RavenDB 3.5 Features: Data Exploration

time to read 3 min | 447 words

RavenDB is doing a pretty great job for being a production database, in fact, we have designed it upfront to only have features that make sense to have for robust production systems.

In particular, we don’t have any form of ad-hoc queries. A query always hits an index, so it is very fast. Even what we call dynamic queries in RavenDB are actually creating an index behind the scene. This is pretty awesome for normal production usage, but it does have some limitations when you want to explore the data. This can be because you are a developer trying to find a particular something, and you just want to quickly fire off random queries. You don’t care about the costs, and you don’t want to generate indexes. Or you can be an admin that needs to get a particular report from the system and you want to play around with the details until you get everything right.
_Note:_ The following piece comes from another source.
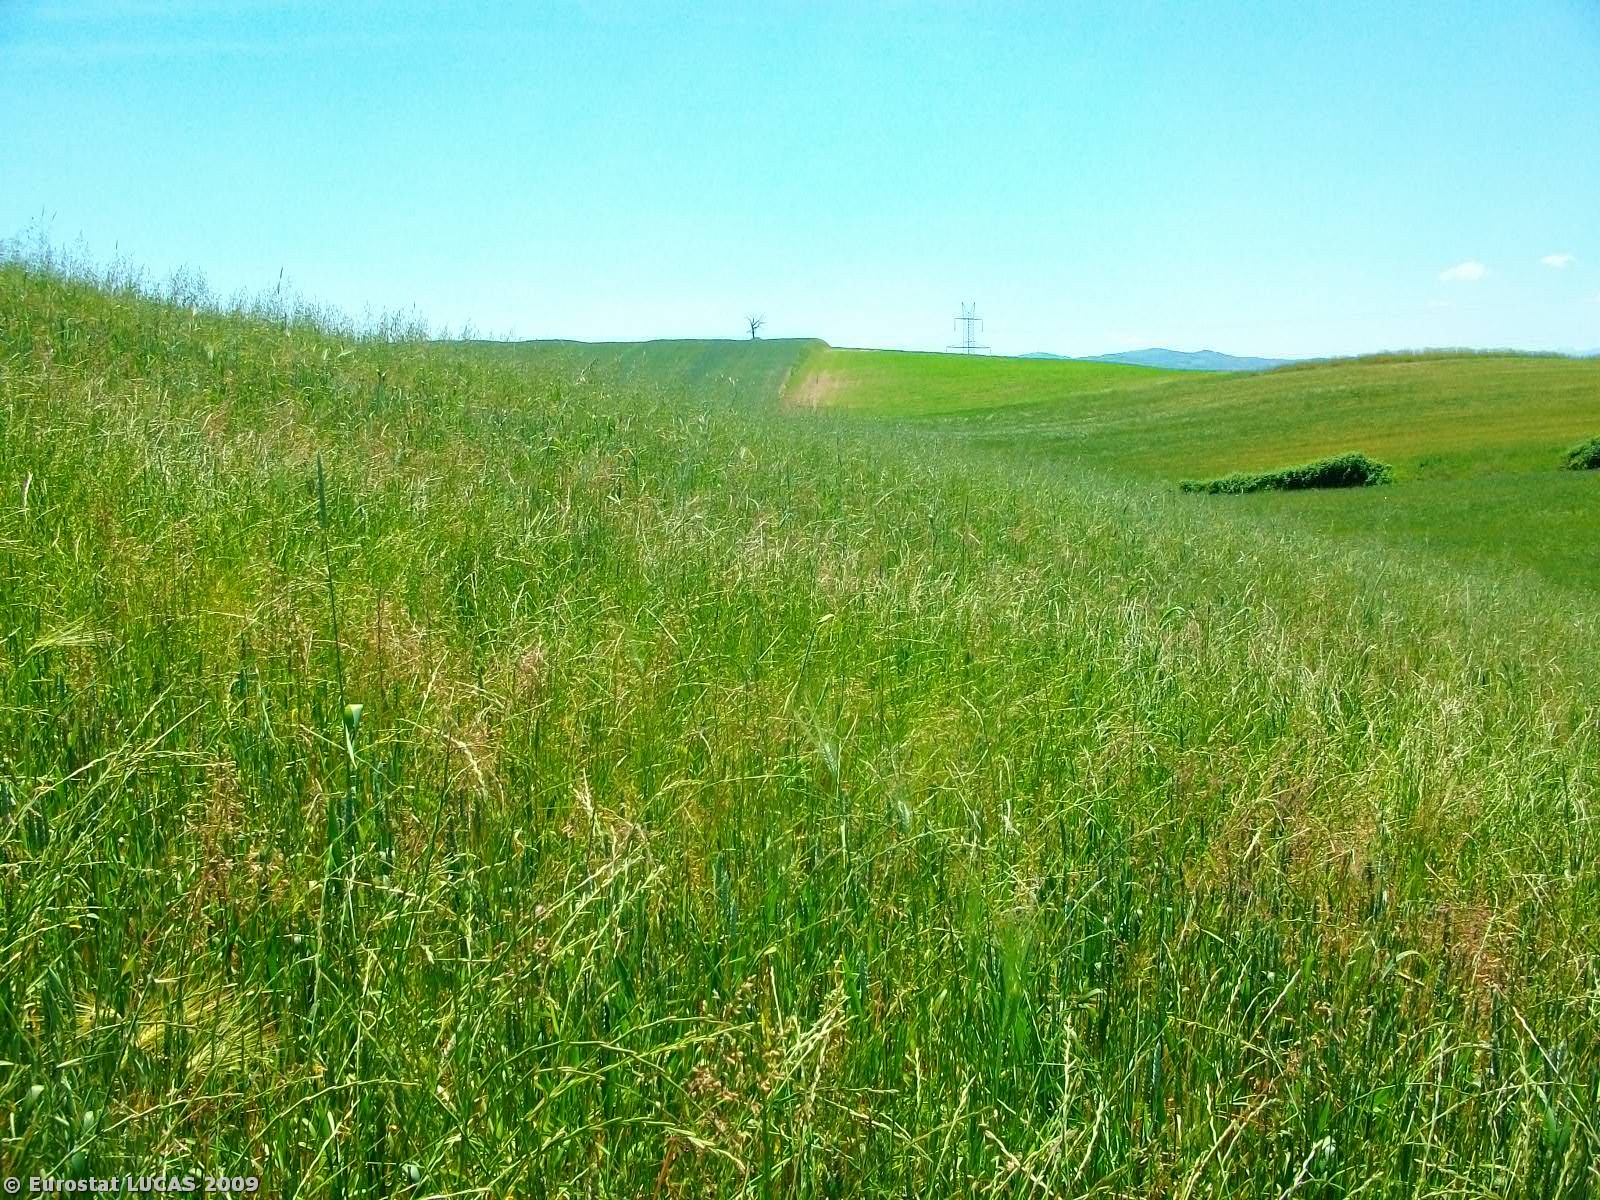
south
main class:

In order to serve those needs, RavenDB 3.5 is going to have a really nice feature, explicit data exploration.

For example, let us say that I want to count the number of unique words in all of my posts, I can do it using the following:

image

Note that the actual query is pretty meaningless, and I’m writing this at 1AM with a baby nearby that make funny noises, so the Linq statement there works, but can probably be better.
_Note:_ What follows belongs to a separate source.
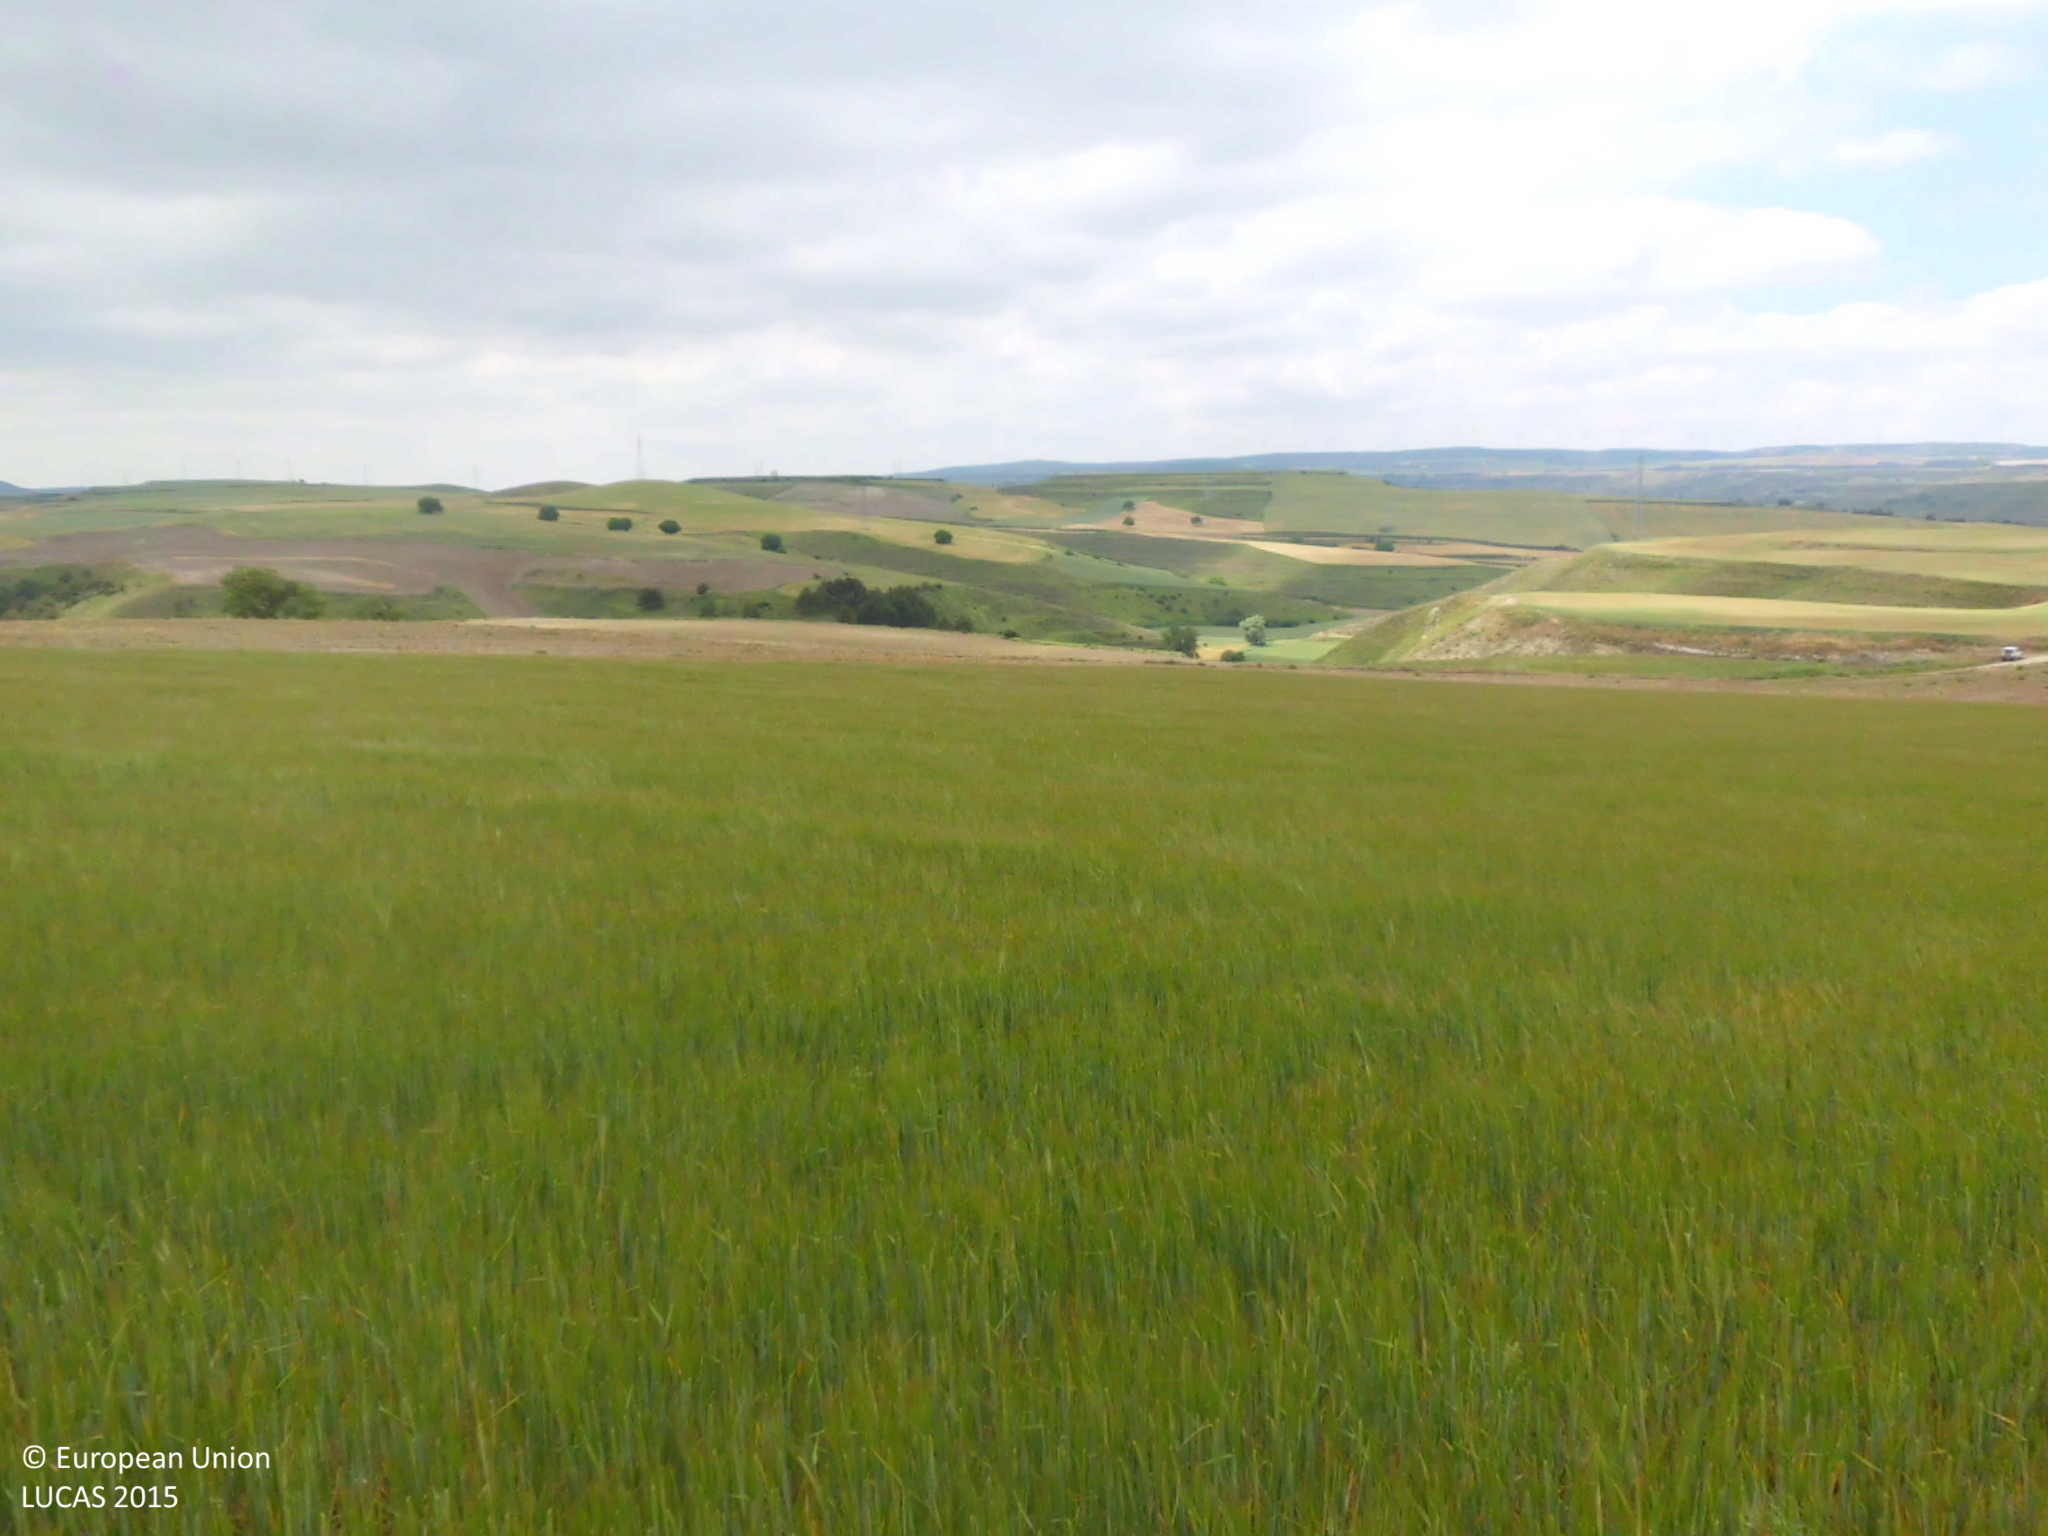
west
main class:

The point here is that to demo what is going on. We write a simple Linq statement, and can run it against our database, and then gather the results back. It is like having LinqPad directly inside the RavenDB studio. In fact, that is the number one scenario that we envision for this feature, replacing LinqPad usage by having a native capability.

Now, some caveats. As you can see, you can select to limit the query duration as well as the number of documents it will operate on. That give us a quick way to explore the data without putting too much load on the server. You can even take the output here and throw it directly to Excel. “Sam, can you give the a breakdown of orders this year by month and country? Just email me the Excel spreadsheet”.

Note that this is intended as a user feature, it isn’t something that we provide an API for. It is there for admins or developers that are figuring things out, an admin feature, not something that you want to use on production.